Guide - How to avoid C/C++ runtime on Windows

I'm not sure if this is useful to anyone, but I hacked together the equivalent code for Linux (might also work on macOS, haven't tested yet).

!!UPDATE! THERE'S A REASON NOT TO USE INT $0x80 ON x64!
main.c:
 1
 2
 3
 4
 5
 6
 7
 8
 9
10
11
12
13
14
15
16
17
18
19
20
21
22
23
24
25
26
27
28
29
30
31
//this is a wrapper around the Linux exit syscall.
//!! If you want to save an instruction, make status a long,
//    replace the middle two lines of the asm block with
//    "movq %0, %%rdi\n\t", and use the compiler option "-fno-builtin"
__attribute__((noreturn)) void exit(int status)
{
    //exit() is normally implemented in glibc,
    //  but since we're not using that, we have to
    //  do the syscall manually.
    asm("movq $60, %%rax\n\t"
      "xorq %%rdi, %%rdi\n\t"
      "movl %0, %%edi\n\t"
      "syscall" :: "r" (status) : "rax", "rdi");
    //Using int $0x80 here causes Linux to use the older x86 syscall table
    //  which, notably, has exit at eax==1, and passes the first param in ebx.
    //syscall will use the newer x64 table and API.
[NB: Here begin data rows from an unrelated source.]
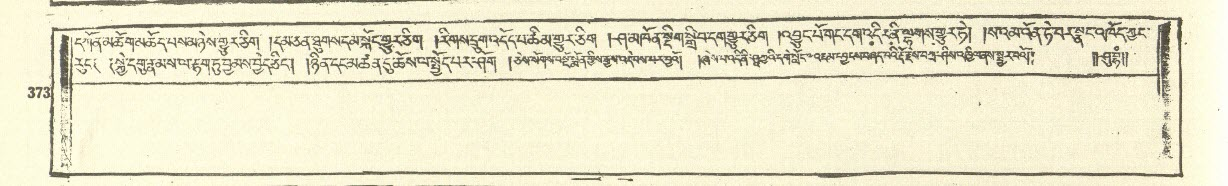དཀོན་མཆོག་མཆོད་པས་མཉེས་གྱུར་ཅིག །དམ་ཅན་ཐམས་ཅད་སྐོང་གྱུར་ཅིག །རིགས་དྲུག་འདོད་པ་ཚིམ་གྱུར་ཅིག །ཤ་མཁོན་སྡིག་སྒྲིབ་དག་གྱུར་ཅིག །འབྱུང་པོ་གང་དག་འདིར་ནི་ལྷག་སྒྱུར་ཏ། ས་འམ་འོན་ཏེ་བར་སྣང་འཁོད་ཀྱང་
རུང་། །སྐྱེ་དགུ་རྣམས་ལ་རྟག་ཏུ་བྱམས་བྱེད་ཅིང་། །ཉིན་དང་མཚན་དུ་ཆོས་ལ་སྤྱོད་པར་ཤོག །ཅེས་སོ་གསང་སྔོན་སྨོན་གྱིས་ཀྱས་འདེབས་པར་བྱའོ། །ས་བ་འདིའི་ཤཱཀྱའི་དགེ་སློང་འཇམ་དབྱངས་བཞད་པའི་རྡོ་རྗེས་བཀྲ་ཤིས་འཁྱིལ་ནས་སྦྱར་བའོ།། །།ཤུབྷཾ།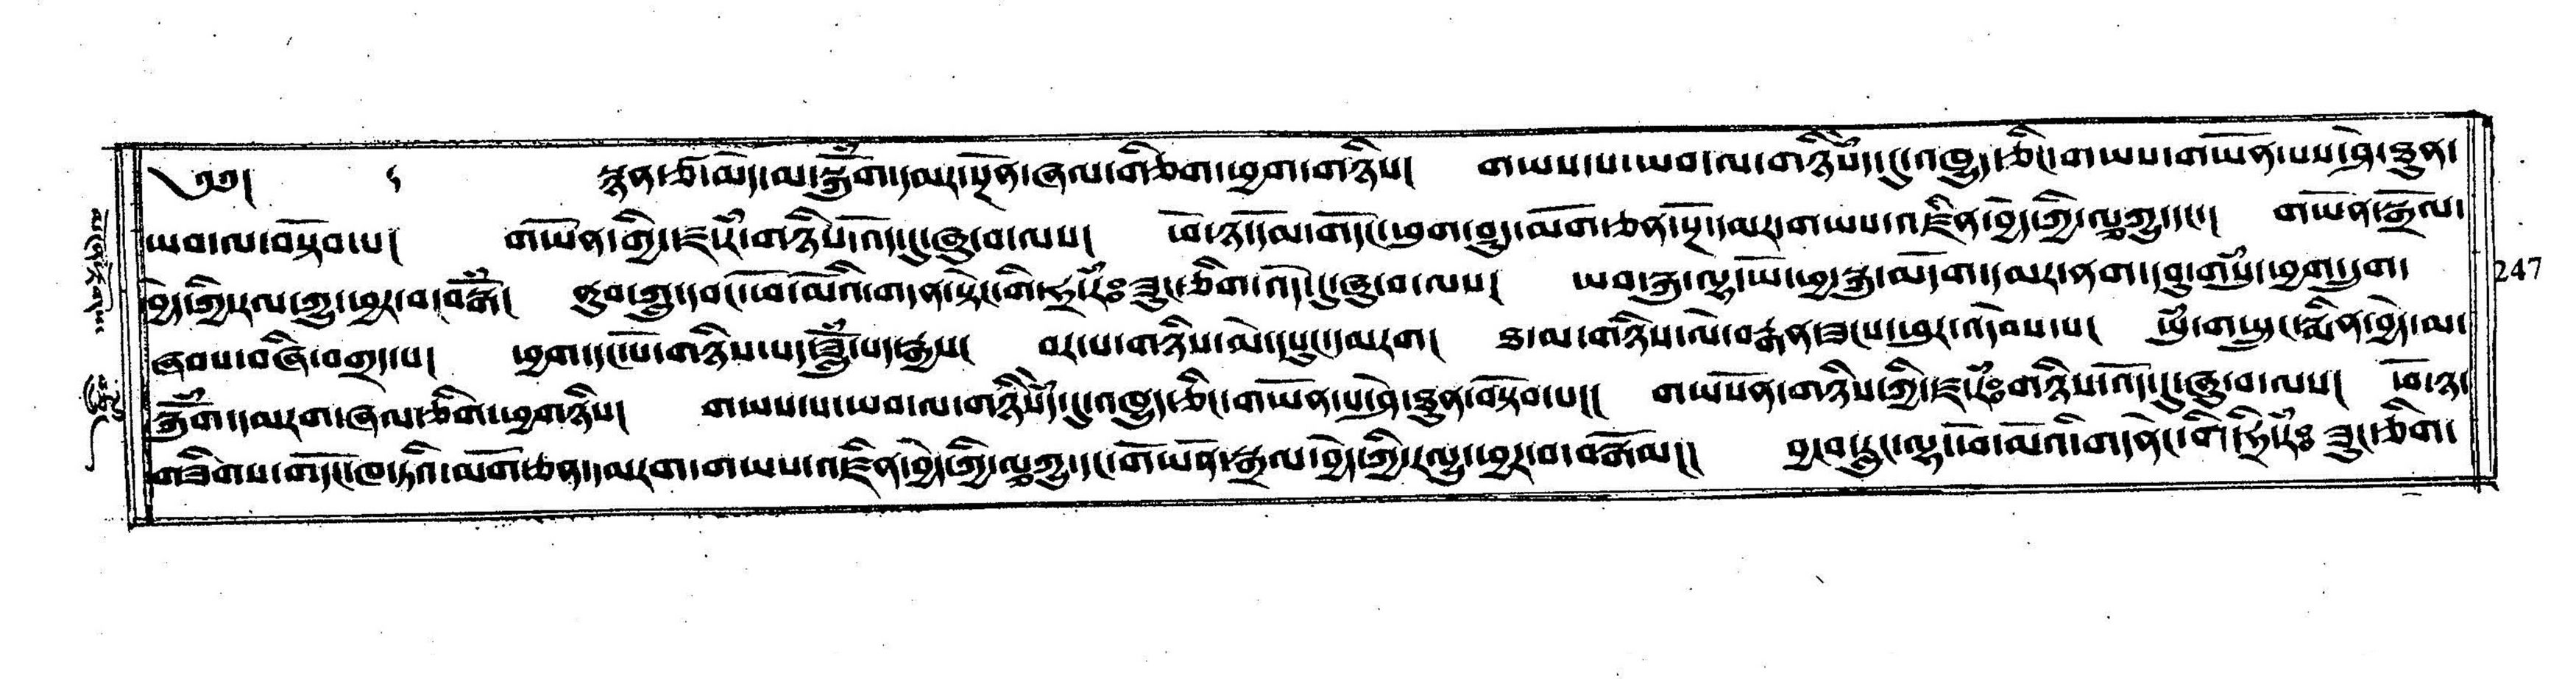སྙན་ཙ་མེད་མ་སྐུ་མདོག་དམར་སྔོན་ཞལ་གཅིག་ཕྱག་གཉིས། གཡས་པ་ཡབ་ལ་གཉིས་མེད་དུ་འཁྱུད་ཅིང་གཡོན་པས་ཤེ་ཐུན་
ཡབ་ལ་བསྟོབ་པ། གཡོན་གྱི་ཛ་རཾ་གཉིས་འོད་དུ་ཞུ་བ་ལས། ཕོ་ཉ་དོམ་གདོང་ཕུག་ཤུད་མགོ་ཅན་སྔོ་དམར་གཡས་འཛིན་བྱེད་ཀྱི་ལྕག་ཀྱུ་དང་། གཡོན་སྒྲོལ་
བྱེད་ཀྱི་རལ་ཀྱུ་ཕྱར་བ་བསྒོམ། ནུབ་ཀླུ་དབང་ཕོ་མོའི་གདན་སྟེང་གི་ཧྲི་རཾཿཟུང་ཅིག་འོད་དུ་ཞུ་བ་ལས། ཡབ་སྐུ་ལྷ་ཡོ་ཕྱ་སྐུ་མདོག་དམར་ནག་དབུ་གསུམ་ཕྱག་དྲུག་
ཞབས་བཞི་བགྲད་པ། ཕྱག་དང་པོ་གཉིས་པད་ཟླུམ་པད་རྒྱས། བར་པ་གཉིས་མེ་དཔུང་དམར་ནག ཐ་མ་གཉིས་ལེ་བརྒན་ཟངས་ཕུར་འདེབས་པ། ཡུམ་གཡུང་དྲུང་སྨིན་བྱེད་མ་
སྐུ་མདོག་དམར་ནག་ཞལ་ཅིག་ཕྱག་གཉིས། གཡས་པ་ཡབ་ལ་གཉིས་མེད་དུ་འཁྱུད་ཅིང་གཡོན་པ་ཤེ་ཐུན་བསྟོབ་པ།། གཡས་གཡོན་གཉིས་ཀྱི་ཛ་རཾཿགཉིས་འོད་དུ་ཞུ་བ་ལས། ཕོ་ཉ་
གཟིགས་གདོང་ཁ་ཏའི་མགོ་ཅན་དམར་ནག་གཡས་འཛིན་བྱེད་ཀྱི་ལྕག་ཀྱུ་དང་གཡས་གཡོན་སྒྲོལ་བྱེད་ཀྱི་རལ་ཀྱུ་ཕྱར་བ་བསྒོམ།། བྱང་ཆུབ་རླུང་ལྷ་ཕོ་མོའི་གདན་སྟེང་གི་ཧྲི་རཾཿ ཟུང་ཅིག་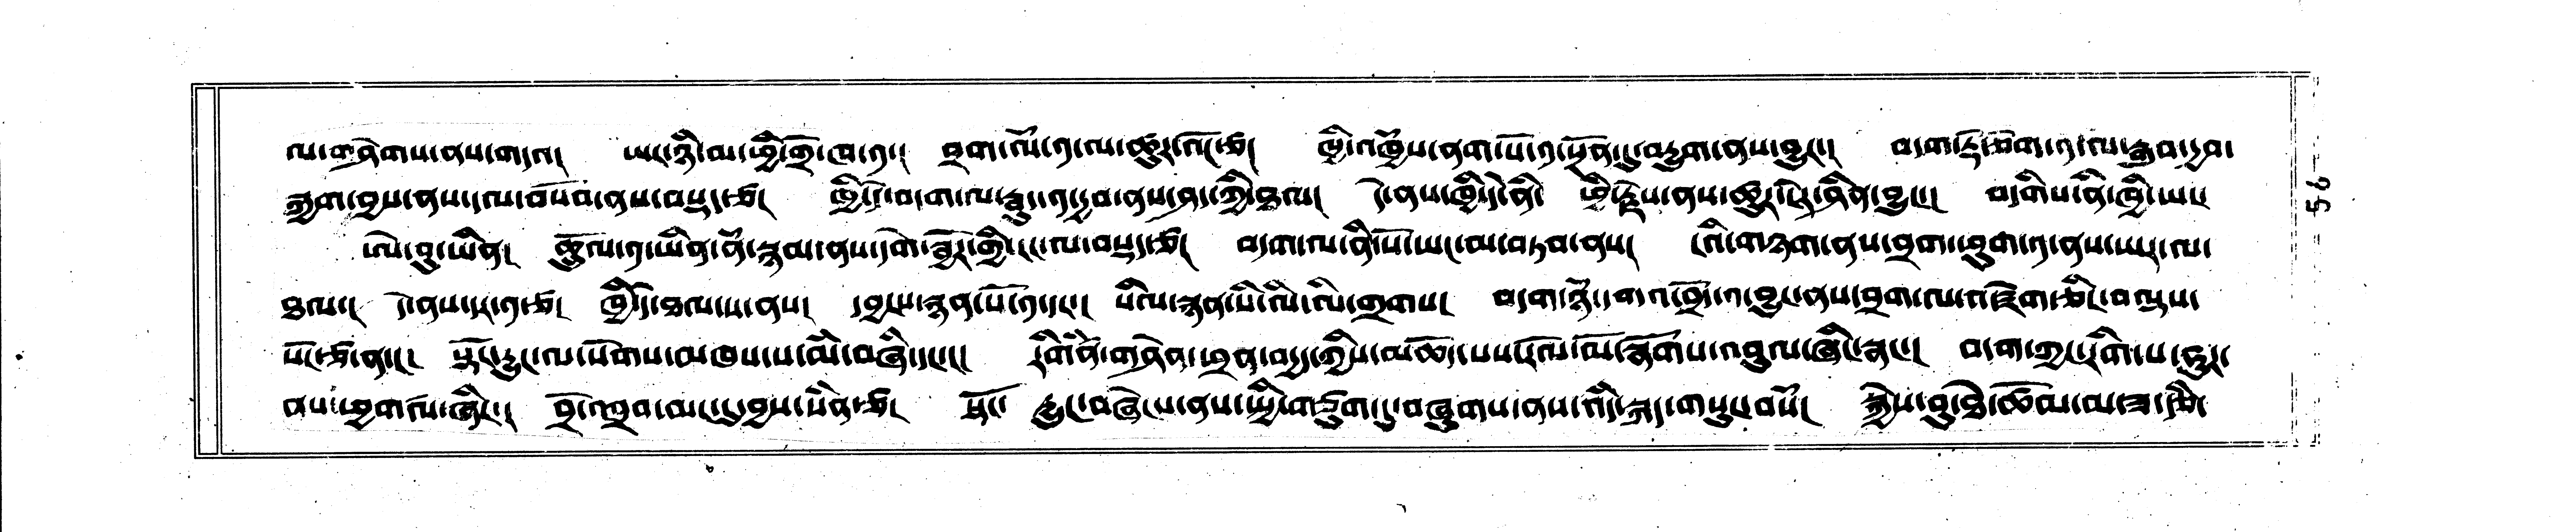ལ་གཤེགས་ནས་གདའ། ཡང་ཉི་མ་ཕྱི་དྲོ་ཁ་གཅིག བྲག་ལམ་གཅིག་ལ་ཚུར་འོང་ཙ། ཁྱི་འཁྱམས་ནག་པོ་གཅིག་སྔོན་དུ་རྒྱུགས་ནས་བྱུང་། བདག་རྡོ་ཅོག་གཅིག་ལ་རྐུབ་རྒྱབ་
སྐྱག་བྱས་ནས་ངལ་བསོས་ནས་བསྡད་ཙ། ཁྱི་དེ་བདག་ལ་རྦུད་གཅིག་རྒྱབ་ནས་ཤད་ཀྱི་ཐལ། དེ་ནས་ཁྱི་དེ་ནི། ཕྱི་རྗེས་ནས་ཚུར་ངེར་ཤིན་བྱུང་། བདག་གིས་ནི་ཁྱི་ཡང་
ཨེ་བུ་ཡིན། ཆོ་འཕྲུལ་གཅིག་ཡིན་ནམ་སྙམ་ནས་དགེ་སྦྱོར་གྱི་ངང་ལ་བསྡད་ཙ། བདག་ལ་ནི་སོ་ཡང་མ་བཏབ་ནས། ངའི་གཉག་ནས་བྲག་ཕུག་གཅིག་ནས་ཡར་ལ་
ཐལ། དེ་ནས་དར་གཅིག་ཙ། ཁྱི་དེ་ཐལ་པ་ནས། དབྱངས་སྙན་པོ་གཅིག་དང་། སིལ་སྙན་སི་ལི་ལི་གྲགས། བདག་ཉམས་དགའ་བྲོད་གཅིག་བྱུང་ནས་བྲག་ལ་འཛེག་ཅིང་བལྟས་
སོང་ཙ་ན། སྟོང་རྒྱུང་ལ་སོགས་མཁས་པ་མི་བཞི་དང་། རིག་འཛིན་གཤེན་ཕྲན་བརྒྱད་ཀྱིས་མཆོད་པས་རོལ་མོ་སྣ་ཚོགས་འབུལ་ཞིང་སྣང་། བདག་ཀྱང་རིག་པ་ཧུར་
ནས་ཕྱག་འཚལ་ཞིང་། བྲོ་འཁྲབ་མང་དུ་བྱས་སིན་ཙ། སྟོང་རྒྱུང་བཞེངས་ནས་སྤྱི་གཙུག་ཏུ་བཞུགས་ནས་འདི་སྐད་གསུངས་བསམ། སྐྱེས་བུ་ཐེ་ཚོམ་མ་ཟ་རྩི་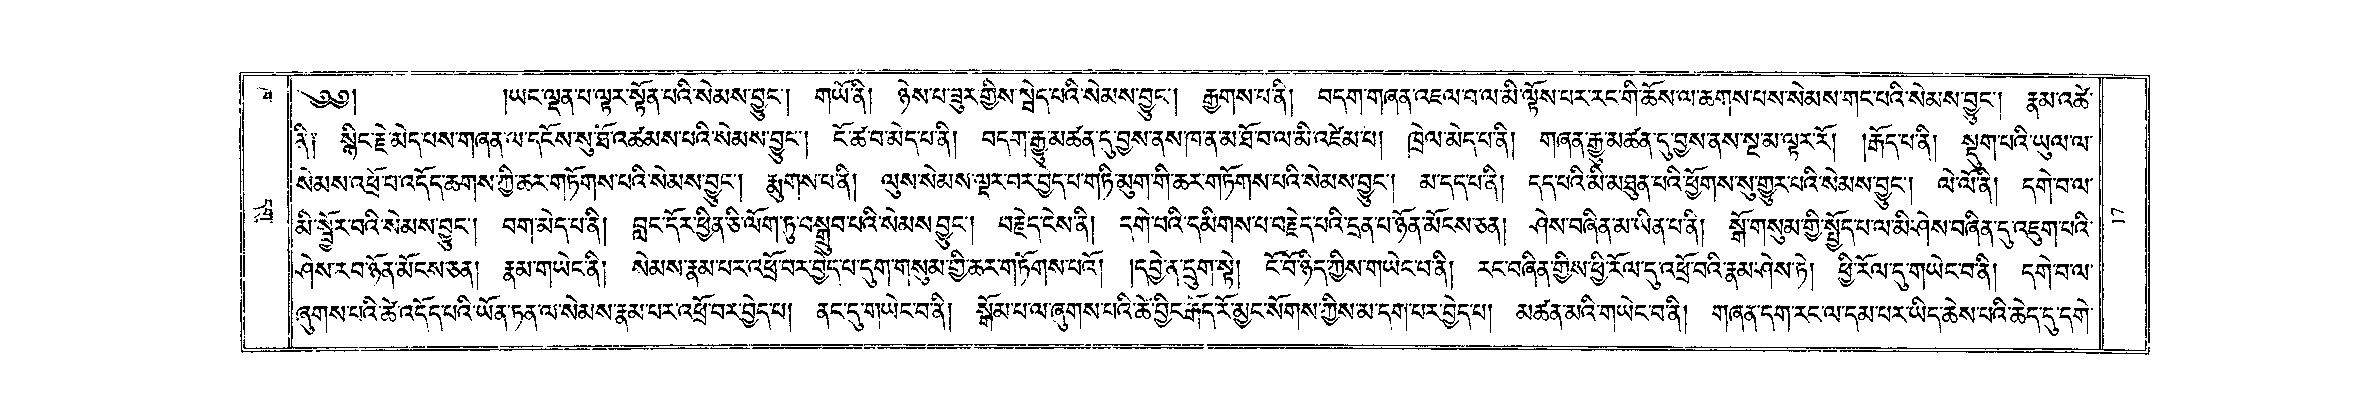༄༅། །ཡང་ལྡན་པ་ལྟར་སྟོན་པའི་སེམས་བྱུང་། གཡོ་ནི། ཉེས་པ་ཟུར་གྱིས་སྦེད་པའི་སེམས་བྱུང་། རྒྱགས་པ་ནི། བདག་གཞན་འཇལ་བ་ལ་མི་ལྟོས་པར་རང་གི་ཆོས་ལ་ཆགས་པས་སེམས་གང་པའི་སེམས་བྱུང་། རྣམ་འཚེ་
ནི༑ སྙིང་རྗེ་མེད་པས་གཞན་ལ་དངོས་སུ་ཐོ་འཚམས་པའི་སེམས་བྱུང་། ངོ་ཚ་བ་མེད་པ་ནི། བདག་རྒྱུ་མཚན་དུ་བྱས་ནས་ཁ་ན་མ་ཐོ་བ་ལ་མི་འཛེམ་པ། ཁྲེལ་མེད་པ་ནི། གཞན་རྒྱུ་མཚན་དུ་བྱས་ནས་སྔ་མ་ལྟར་རོ། །རྒོད་པ་ནི། སྡུག་པའི་ཡུལ་ལ་
སེམས་འཕྲོ་བ་འདོད་ཆགས་ཀྱི་ཆར་གཏོགས་པའི་སེམས་བྱུང་། རྨུགས་པ་ནི། ལུས་སེམས་ལྔར་བར་བྱེད་པ་གཏི་མུག་གི་ཆར་གཏོགས་པའི་སེམས་བྱུང་། མ་དད་པ་ནི། དད་པའི་མི་མཐུན་པའི་ཕྱོགས་སུ་གྱུར་པའི་སེམས་བྱུང་། ལེ་ལོ་ནི། དགེ་བ་ལ་
མི་སྦྱོར་བའི་སེམས་བྱུང་། བག་མེད་པ་ནི། བླང་དོར་ཕྱིན་ཅི་ལོག་ཏུ་བསྒྲུབ་པའི་སེམས་བྱུང་། བརྗེད་ངེས་ནི། དགེ་བའི་དམིགས་པ་བརྗེད་པའི་དྲན་པ་ཉོན་མོངས་ཅན། ཤེས་བཞིན་མ་ཡིན་པ་ནི། སྒོ་གསུམ་གྱི་སྤྱོད་པ་ལ་མི་ཤེས་བཞིན་དུ་འཇུག་པའི་
ཤེས་རབ་ཉོན་མོངས་ཅན། རྣམ་གཡེང་ནི། སེམས་རྣམ་པར་འཕྲོ་བར་བྱེད་པ་དུག་གསུམ་གྱི་ཆར་གཏོགས་པའོ། །དབྱེ་ན་དྲུག་སྟེ། ངོ་བོ་ཉིད་ཀྱིས་གཡེང་བ་ནི། རང་བཞིན་གྱིས་ཕྱི་རོལ་དུ་འཕྲོ་བའི་རྣམ་ཤེས་ཏེ། ཕྱི་རོལ་དུ་གཡེང་བ་ནི། དགེ་བ་ལ་
ཞུགས་པའི་ཚེ་འདོད་པའི་ཡོན་ཏན་ལ་སེམས་རྣམ་པར་འཕྲོ་བར་བྱེད་པ། ནང་དུ་གཡེང་བ་ནི། སྒོམ་པ་ལ་ཞུགས་པའི་ཚེ་བྱིང་རྒོད་རོ་མྱང་སོགས་ཀྱིས་མ་དག་པར་བྱེད་པ། མཚན་མའི་གཡེང་བ་ནི། གཞན་དག་རང་ལ་དམ་པར་ཡིད་ཆེས་པའི་ཆེད་དུ་དགེ་

    //This is a compiler intrinsic that does nothing but
    //  indicate that execution will never reach a certain area.
    //  Mostly required to avoid warnings about a noreturn function returning.
    __builtin_unreachable();
}

//This is where we will tell the linker to start executing our code.
__attribute__((noreturn)) void start(void)
{
    //... Our code goes here.

    //All done, call our exit syscall wrapper.
    exit(0);
}


Compile this using:
1
gcc -o nortlinux -nostdlib -Wl,-estart main.c


The resulting executable, when run, will do nothing and immediately exit.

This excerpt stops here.